Order backlogs in the US remain above historical averages, with demand from data centers and infrastructure projects providing multi-quarter visibility. Management highlighted the magnitude of ongoing data center construction and continued steel deliveries for renewable energy, reinforcing a constructive outlook for the North American segment.

Key Considerations

This quarter’s results underscore the strategic urgency of geographic diversification and capital allocation discipline. While North America anchors profitability, Brazil’s import headwinds pose structural challenges that will require either policy intervention or accelerated transformation.

Key Considerations:

  • Brazilian Trade Defense Uncertainty: The pace and effectiveness of government action on steel imports will dictate the trajectory of domestic margins and capital investment.
  • Mining Project Ramp-Up: The Miguel Bonaire project will be a key swing factor for 2026 cost structure and Brazilian competitiveness.
  • US Demand Durability: Continued strength in data center and infrastructure steel demand provides a buffer against global cyclicality.
  • Capital Return Flexibility: Buyback preference signals management’s focus on valuation and risk-adjusted returns, with payout ratios exceeding policy minimums.
  • Cost Competitiveness Over Growth: New investments will be scrutinized for cost reduction potential rather than top-line expansion, particularly in oversupplied markets.

Risks

Brazilian operations remain highly exposed to policy risk, with further import surges threatening sustained losses absent effective trade defense. Global steel overcapacity and Chinese exports continue to pressure margins and limit pricing power, especially in less protected markets.

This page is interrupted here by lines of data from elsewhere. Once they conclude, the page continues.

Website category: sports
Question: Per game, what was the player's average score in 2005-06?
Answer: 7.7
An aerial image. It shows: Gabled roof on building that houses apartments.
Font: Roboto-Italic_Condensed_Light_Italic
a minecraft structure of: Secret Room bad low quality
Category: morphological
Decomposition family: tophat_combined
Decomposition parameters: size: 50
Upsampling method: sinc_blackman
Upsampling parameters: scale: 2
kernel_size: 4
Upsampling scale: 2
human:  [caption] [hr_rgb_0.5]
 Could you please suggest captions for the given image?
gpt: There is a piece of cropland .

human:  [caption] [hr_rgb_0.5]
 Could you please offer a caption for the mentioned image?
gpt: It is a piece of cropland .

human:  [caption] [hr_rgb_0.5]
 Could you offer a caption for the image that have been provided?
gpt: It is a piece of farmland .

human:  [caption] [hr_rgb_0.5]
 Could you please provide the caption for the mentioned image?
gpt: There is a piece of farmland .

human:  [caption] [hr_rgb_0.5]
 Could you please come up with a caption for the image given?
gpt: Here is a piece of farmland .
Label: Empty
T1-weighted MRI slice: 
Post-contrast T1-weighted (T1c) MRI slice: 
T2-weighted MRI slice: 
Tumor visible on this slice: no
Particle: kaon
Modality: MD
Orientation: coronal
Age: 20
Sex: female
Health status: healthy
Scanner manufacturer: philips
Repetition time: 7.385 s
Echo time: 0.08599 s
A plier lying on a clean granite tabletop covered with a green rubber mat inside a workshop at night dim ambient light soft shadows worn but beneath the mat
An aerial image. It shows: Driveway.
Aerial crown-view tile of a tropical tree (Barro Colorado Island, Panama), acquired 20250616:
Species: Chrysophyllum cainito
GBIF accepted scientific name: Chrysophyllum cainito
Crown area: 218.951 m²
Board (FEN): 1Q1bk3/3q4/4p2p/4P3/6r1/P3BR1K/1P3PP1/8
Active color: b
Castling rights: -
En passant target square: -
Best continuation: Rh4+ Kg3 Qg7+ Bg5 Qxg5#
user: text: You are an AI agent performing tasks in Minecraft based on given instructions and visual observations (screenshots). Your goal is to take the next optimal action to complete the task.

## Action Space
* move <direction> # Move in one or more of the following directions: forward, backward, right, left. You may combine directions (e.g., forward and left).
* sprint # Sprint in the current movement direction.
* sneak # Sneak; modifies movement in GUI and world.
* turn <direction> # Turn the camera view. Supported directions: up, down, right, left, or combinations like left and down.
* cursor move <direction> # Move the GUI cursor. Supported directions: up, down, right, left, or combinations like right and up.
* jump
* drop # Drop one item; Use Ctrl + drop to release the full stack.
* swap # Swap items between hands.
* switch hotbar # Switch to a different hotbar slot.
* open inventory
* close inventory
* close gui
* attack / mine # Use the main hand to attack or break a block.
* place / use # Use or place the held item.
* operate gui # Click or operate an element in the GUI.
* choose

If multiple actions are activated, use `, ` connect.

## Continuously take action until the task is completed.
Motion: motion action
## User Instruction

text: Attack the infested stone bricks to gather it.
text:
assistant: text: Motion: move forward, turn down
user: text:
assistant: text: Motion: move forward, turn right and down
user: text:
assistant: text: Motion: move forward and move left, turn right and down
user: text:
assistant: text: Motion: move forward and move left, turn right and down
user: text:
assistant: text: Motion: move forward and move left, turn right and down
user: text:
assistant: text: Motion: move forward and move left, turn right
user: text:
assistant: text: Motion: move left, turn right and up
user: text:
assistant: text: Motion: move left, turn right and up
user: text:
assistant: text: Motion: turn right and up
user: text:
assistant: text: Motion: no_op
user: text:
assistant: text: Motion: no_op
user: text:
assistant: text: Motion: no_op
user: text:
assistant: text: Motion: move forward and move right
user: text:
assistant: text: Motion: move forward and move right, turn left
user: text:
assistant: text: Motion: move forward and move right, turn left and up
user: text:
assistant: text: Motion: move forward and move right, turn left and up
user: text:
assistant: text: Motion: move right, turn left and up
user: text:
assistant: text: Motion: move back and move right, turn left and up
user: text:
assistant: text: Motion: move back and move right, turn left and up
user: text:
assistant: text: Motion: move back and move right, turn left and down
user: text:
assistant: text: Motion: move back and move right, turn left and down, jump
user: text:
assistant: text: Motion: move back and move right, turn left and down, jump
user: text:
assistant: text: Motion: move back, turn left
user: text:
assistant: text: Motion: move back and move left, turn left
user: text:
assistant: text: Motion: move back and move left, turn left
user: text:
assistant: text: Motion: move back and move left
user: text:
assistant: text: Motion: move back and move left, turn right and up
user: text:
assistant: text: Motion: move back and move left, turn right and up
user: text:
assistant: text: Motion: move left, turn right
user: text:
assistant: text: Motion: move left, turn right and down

Execution risk on the mining project ramp-up could delay or dilute anticipated cost benefits, while North American demand could soften if infrastructure spending slows or data center buildouts stall.

Forward Outlook

For Q4, Gerdau guided to:

  • Stable North American demand, but with typical seasonal shipment declines.
  • Further margin compression in Brazil due to seasonality and ongoing import pressure.

For full-year 2025, management maintained guidance:

  • CapEx reduction to 4.7 billion BRLs for 2026, a 22% decrease from 2025’s forecast.

Management highlighted several factors that will shape 2026:

  • Mining project cost savings and operational ramp-up in Brazil.
  • Potential for trade defense measures to stabilize domestic margins.

Takeaways

Gerdau’s results reinforce the importance of its North American footprint, which now serves as the company’s primary profit engine and capital source. Brazil’s challenges are structural, not cyclical, with management signaling readiness to transform or rationalize the domestic business if policy support fails. Capital allocation will remain conservative, with a bias toward cost competitiveness and buybacks over expansion.

  • North America’s resilience is the core earnings driver, providing stability and enabling shareholder returns despite emerging market headwinds.
  • Brazil’s future hinges on trade defense and mining execution, with management prepared to accelerate structural changes if necessary.
  • Investors should monitor policy developments, mining ramp-up, and US demand signals as the key swing factors for 2026 and beyond.

Conclusion

Gerdau’s Q3 2025 results highlight a business increasingly anchored by North America, with disciplined capital allocation and strategic diversification offsetting acute challenges in Brazil. Execution on cost reduction and policy advocacy will determine the next phase of value creation.

Industry Read-Through

Gerdau’s experience this quarter reflects a broader industry reality: North American steelmakers benefit from resilient infrastructure and data center demand, while exposure to Brazil or other emerging markets brings heightened import and policy risk. Capital allocation discipline and cost competitiveness are emerging as the most critical levers for global steel producers, given chronic oversupply and Chinese export pressure. Mining integration and supply chain control are now differentiators for those seeking to defend margins, especially in volatile regulatory environments. Other regional steelmakers should heed the warning on import penetration and the necessity of proactive engagement with policymakers to sustain domestic industry viability.